### Data entries:

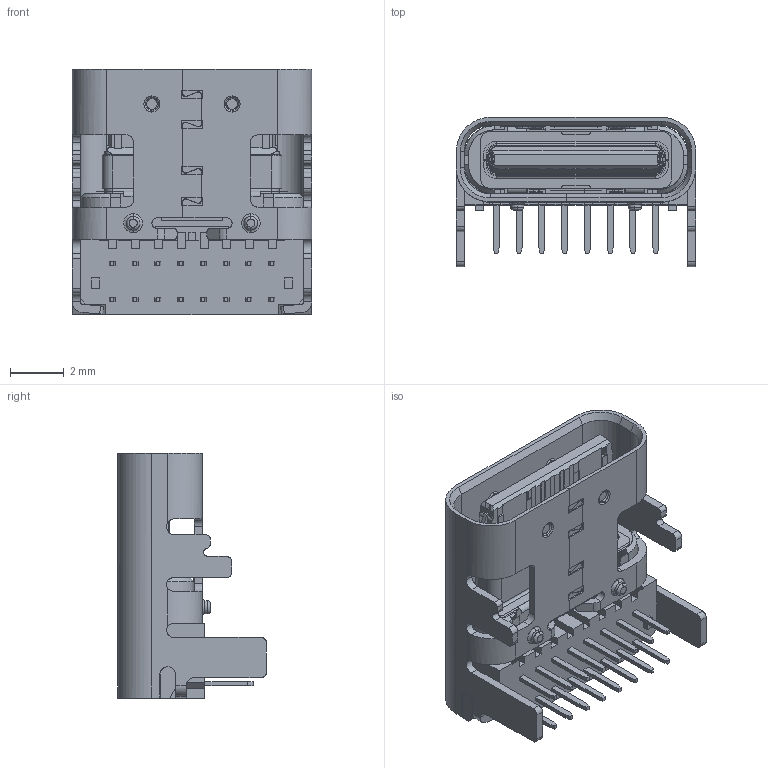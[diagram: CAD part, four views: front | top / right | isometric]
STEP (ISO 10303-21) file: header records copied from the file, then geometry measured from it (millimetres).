
FILE_DESCRIPTION (( 'STEP AP214' ), '1' );
FILE_NAME ('USB4085-GF-A.STEP', '2022-10-25T17:51:12', ( '' ), ( '' ), 'SwSTEP 2.0', 'SolidWorks 2017', '' );
FILE_SCHEMA (( 'AUTOMOTIVE_DESIGN' ));
Length unit declared in the file: millimetre
Products named in the file (5): USB4085-GF-A_PART1_1; Part27^USB4085-GF-A_1; USB4085-GF-A; USB4085-GF-A_1; USB4085-GF-A_PART2
Assembly tree (4 placements, depth 3):
  USB4085-GF-A
    USB4085-GF-A_1
      USB4085-GF-A_PART2
      USB4085-GF-A_PART1_1
      Part27^USB4085-GF-A_1
Bounding box: 8.94 x 5.56 x 9.17 mm (x, y, z)
Volume: 0.9 mm3; surface area: 702 mm2
Topology: 16 solids, 249 shells, 1081 faces, 3970 edges, 3157 vertices
Faces by surface type: plane 860, cylinder 135, bspline 72, cone 14
Entity records: 60929 total; most frequent: CARTESIAN_POINT 23284, ORIENTED_EDGE 6107, DIRECTION 5498, EDGE_CURVE 3970, VECTOR 3198, LINE 3198, VERTEX_POINT 3157, AXIS2_PLACEMENT_3D 1150
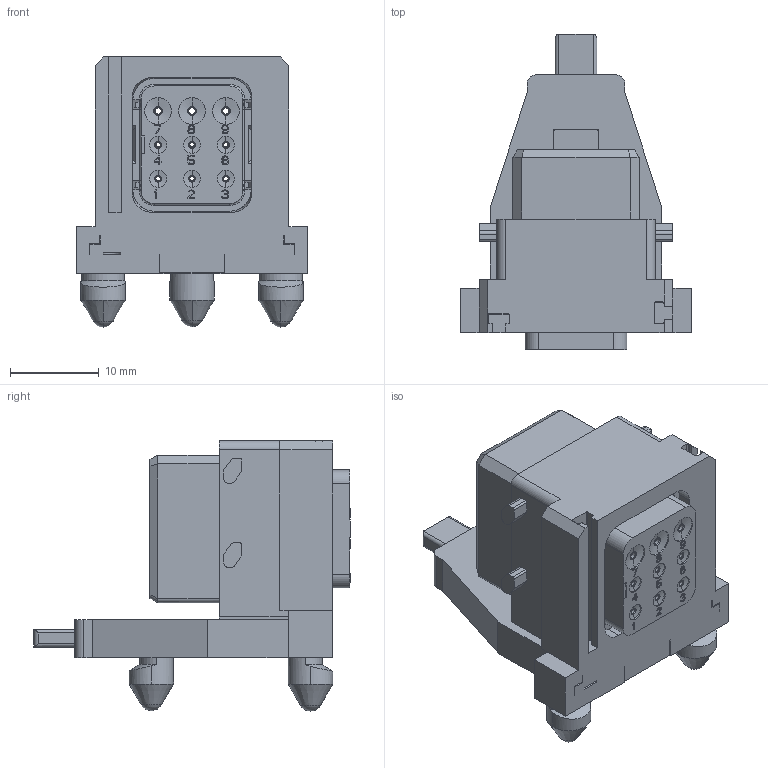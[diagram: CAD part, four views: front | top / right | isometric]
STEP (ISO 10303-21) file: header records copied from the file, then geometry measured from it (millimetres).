
FILE_DESCRIPTION((''),'2;1');
FILE_NAME('35599109787PSU','2020-02-20T',('presta_be4'),(''),'CREO PARAMETRIC BY PTC INC, 2018360','CREO PARAMETRIC BY PTC INC, 2018360','');
FILE_SCHEMA(('CONFIG_CONTROL_DESIGN'));
Products named in the file (1): 35599109787PSU
Bounding box: 26 x 35.55 x 30.4 mm (x, y, z)
Volume: 8474.3 mm3; surface area: 8347 mm2
Topology: 1 solids, 1 shells, 2031 faces, 5182 edges, 3235 vertices
Faces by surface type: plane 1168, cylinder 346, cone 227, torus 178, bspline 106, sphere 6
Entity records: 71642 total; most frequent: CARTESIAN_POINT 22407, ORIENTED_EDGE 10352, DIRECTION 10154, EDGE_CURVE 5176, VECTOR 3462, LINE 3462, AXIS2_PLACEMENT_3D 3346, VERTEX_POINT 3235
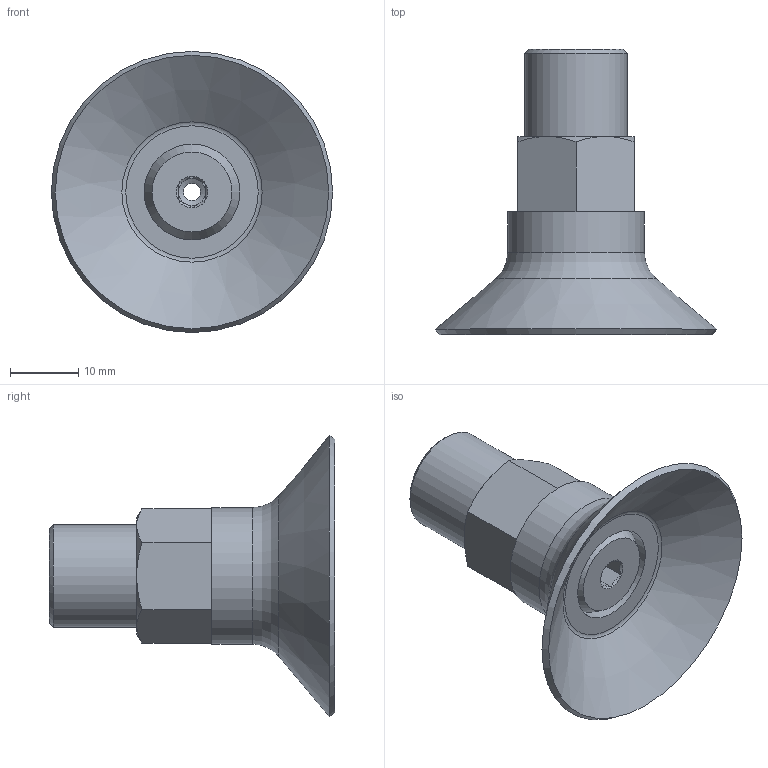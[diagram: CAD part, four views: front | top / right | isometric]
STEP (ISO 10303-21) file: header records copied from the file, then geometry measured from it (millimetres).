
FILE_DESCRIPTION(/* description */ ('STEP AP214'),/* implementation_level */ '2;1');
FILE_NAME(/* name */ '525974_ESS-40-GT-G1_4-I',/* time_stamp */ '2024-08-28T09:23:15+02:00',/* author */ ('License CC BY-ND 4.0'),/* organization */ ('CADENAS'),/* preprocessor_version */ 'ST-DEVELOPER v19.3',/* originating_system */ 'PARTsolutions',/* authorisation */ ' ');
FILE_SCHEMA (('AUTOMOTIVE_DESIGN {1 0 10303 214 3 1 1}'));
Length unit declared in the file: millimetre
Products named in the file (1): 525974 ESS-40-GT-G1/4--I
Bounding box: 41.15 x 41.8 x 41.15 mm (x, y, z)
Volume: 8718.2 mm3; surface area: 5721.1 mm2
Topology: 1 solids, 1 shells, 50 faces, 102 edges, 57 vertices
Faces by surface type: plane 23, cone 20, cylinder 5, torus 2
Full cylindrical faces by diameter (mm): 2.5 x1, 11.445 x1, 14 x1, 15 x1, 20 x1
Entity records: 1578 total; most frequent: CARTESIAN_POINT 249, DIRECTION 204, ORIENTED_EDGE 168, AXIS2_PLACEMENT_3D 87, EDGE_CURVE 84, EDGE_LOOP 70, FACE_BOUND 70, VERTEX_POINT 54
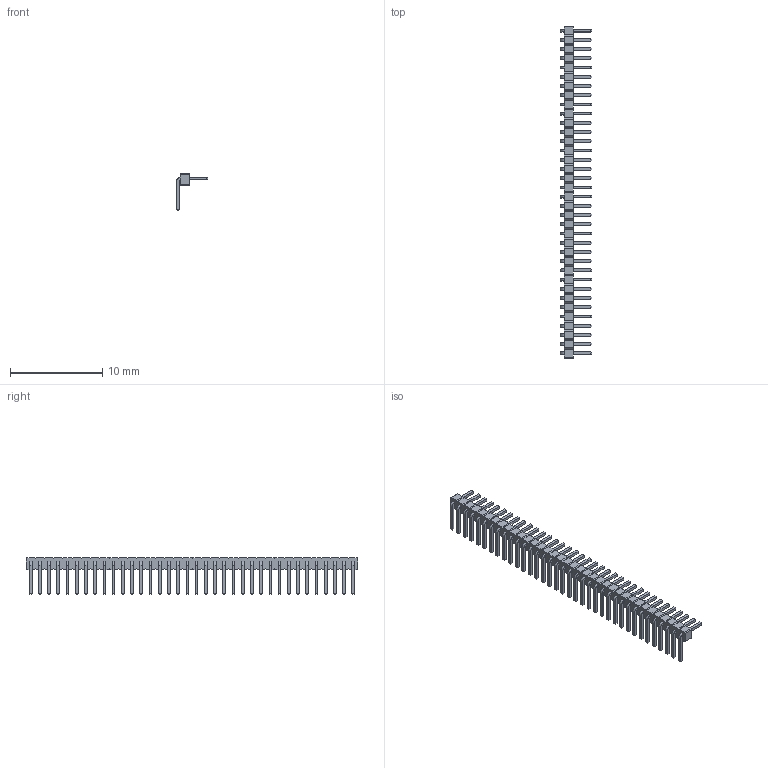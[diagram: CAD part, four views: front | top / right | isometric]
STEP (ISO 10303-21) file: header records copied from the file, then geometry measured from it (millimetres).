
FILE_DESCRIPTION(/* description */ ('model of Pin_Header_Angled_1x36_Pitch1.00mm'),/* implementation_level */ '2;1');
FILE_NAME(/* name */ 'Pin_Header_Angled_1x36_Pitch1.00mm.step',/* time_stamp */ '2017-09-10T19:48:14',/* author */ ('kicad StepUp','ksu'),/* organization */ ('FreeCAD'),/* preprocessor_version */ 'OCC',/* originating_system */ 'kicad StepUp',/* authorisation */ '');
FILE_SCHEMA(('AUTOMOTIVE_DESIGN { 1 0 10303 214 1 1 1 1 }'));
Length unit declared in the file: millimetre
Products named in the file (1): Pin_Header_Angled_1x36_Pitch100mm
Bounding box: 3.4 x 36 x 3.94 mm (x, y, z)
Volume: 62.7 mm3; surface area: 404.6 mm2
Topology: 1 solids, 1 shells, 940 faces, 2310 edges, 1444 vertices
Faces by surface type: plane 868, cylinder 72
Entity records: 33467 total; most frequent: CARTESIAN_POINT 4695, ORIENTED_EDGE 4620, DIRECTION 4336, EDGE_CURVE 2310, LINE 2166, VECTOR 2166, VERTEX_POINT 1444, AXIS2_PLACEMENT_3D 1085

### What is required:
Each line of the data above is to be output exactly; the pictures are not to appear.

### Reply to the exercise:
[diagram: CAD part, four views: front | top / right | isometric]
STEP (ISO 10303-21) file: header records copied from the file, then geometry measured from it (millimetres).
FILE_DESCRIPTION (( 'STEP AP214' ), '1' );
FILE_NAME ('USB4085-GF-A.STEP', '2022-10-25T17:51:12', ( '' ), ( '' ), 'SwSTEP 2.0', 'SolidWorks 2017', '' );
FILE_SCHEMA (( 'AUTOMOTIVE_DESIGN' ));
Length unit declared in the file: millimetre
Products named in the file (5): USB4085-GF-A_PART1_1; Part27^USB4085-GF-A_1; USB4085-GF-A; USB4085-GF-A_1; USB4085-GF-A_PART2
Assembly tree (4 placements, depth 3):
  USB4085-GF-A
    USB4085-GF-A_1
      USB4085-GF-A_PART2
      USB4085-GF-A_PART1_1
      Part27^USB4085-GF-A_1
Bounding box: 8.94 x 5.56 x 9.17 mm (x, y, z)
Volume: 0.9 mm3; surface area: 702 mm2
Topology: 16 solids, 249 shells, 1081 faces, 3970 edges, 3157 vertices
Faces by surface type: plane 860, cylinder 135, bspline 72, cone 14
Entity records: 60929 total; most frequent: CARTESIAN_POINT 23284, ORIENTED_EDGE 6107, DIRECTION 5498, EDGE_CURVE 3970, VECTOR 3198, LINE 3198, VERTEX_POINT 3157, AXIS2_PLACEMENT_3D 1150
[diagram: CAD part, four views: front | top / right | isometric]
STEP (ISO 10303-21) file: header records copied from the file, then geometry measured from it (millimetres).
FILE_DESCRIPTION((''),'2;1');
FILE_NAME('35599109787PSU','2020-02-20T',('presta_be4'),(''),'CREO PARAMETRIC BY PTC INC, 2018360','CREO PARAMETRIC BY PTC INC, 2018360','');
FILE_SCHEMA(('CONFIG_CONTROL_DESIGN'));
Products named in the file (1): 35599109787PSU
Bounding box: 26 x 35.55 x 30.4 mm (x, y, z)
Volume: 8474.3 mm3; surface area: 8347 mm2
Topology: 1 solids, 1 shells, 2031 faces, 5182 edges, 3235 vertices
Faces by surface type: plane 1168, cylinder 346, cone 227, torus 178, bspline 106, sphere 6
Entity records: 71642 total; most frequent: CARTESIAN_POINT 22407, ORIENTED_EDGE 10352, DIRECTION 10154, EDGE_CURVE 5176, VECTOR 3462, LINE 3462, AXIS2_PLACEMENT_3D 3346, VERTEX_POINT 3235
[diagram: CAD part, four views: front | top / right | isometric]
STEP (ISO 10303-21) file: header records copied from the file, then geometry measured from it (millimetres).
FILE_DESCRIPTION(/* description */ ('STEP AP214'),/* implementation_level */ '2;1');
FILE_NAME(/* name */ '525974_ESS-40-GT-G1_4-I',/* time_stamp */ '2024-08-28T09:23:15+02:00',/* author */ ('License CC BY-ND 4.0'),/* organization */ ('CADENAS'),/* preprocessor_version */ 'ST-DEVELOPER v19.3',/* originating_system */ 'PARTsolutions',/* authorisation */ ' ');
FILE_SCHEMA (('AUTOMOTIVE_DESIGN {1 0 10303 214 3 1 1}'));
Length unit declared in the file: millimetre
Products named in the file (1): 525974 ESS-40-GT-G1/4--I
Bounding box: 41.15 x 41.8 x 41.15 mm (x, y, z)
Volume: 8718.2 mm3; surface area: 5721.1 mm2
Topology: 1 solids, 1 shells, 50 faces, 102 edges, 57 vertices
Faces by surface type: plane 23, cone 20, cylinder 5, torus 2
Full cylindrical faces by diameter (mm): 2.5 x1, 11.445 x1, 14 x1, 15 x1, 20 x1
Entity records: 1578 total; most frequent: CARTESIAN_POINT 249, DIRECTION 204, ORIENTED_EDGE 168, AXIS2_PLACEMENT_3D 87, EDGE_CURVE 84, EDGE_LOOP 70, FACE_BOUND 70, VERTEX_POINT 54
[diagram: CAD part, four views: front | top / right | isometric]
STEP (ISO 10303-21) file: header records copied from the file, then geometry measured from it (millimetres).
FILE_DESCRIPTION(/* description */ ('model of Pin_Header_Angled_1x36_Pitch1.00mm'),/* implementation_level */ '2;1');
FILE_NAME(/* name */ 'Pin_Header_Angled_1x36_Pitch1.00mm.step',/* time_stamp */ '2017-09-10T19:48:14',/* author */ ('kicad StepUp','ksu'),/* organization */ ('FreeCAD'),/* preprocessor_version */ 'OCC',/* originating_system */ 'kicad StepUp',/* authorisation */ '');
FILE_SCHEMA(('AUTOMOTIVE_DESIGN { 1 0 10303 214 1 1 1 1 }'));
Length unit declared in the file: millimetre
Products named in the file (1): Pin_Header_Angled_1x36_Pitch100mm
Bounding box: 3.4 x 36 x 3.94 mm (x, y, z)
Volume: 62.7 mm3; surface area: 404.6 mm2
Topology: 1 solids, 1 shells, 940 faces, 2310 edges, 1444 vertices
Faces by surface type: plane 868, cylinder 72
Entity records: 33467 total; most frequent: CARTESIAN_POINT 4695, ORIENTED_EDGE 4620, DIRECTION 4336, EDGE_CURVE 2310, LINE 2166, VECTOR 2166, VERTEX_POINT 1444, AXIS2_PLACEMENT_3D 1085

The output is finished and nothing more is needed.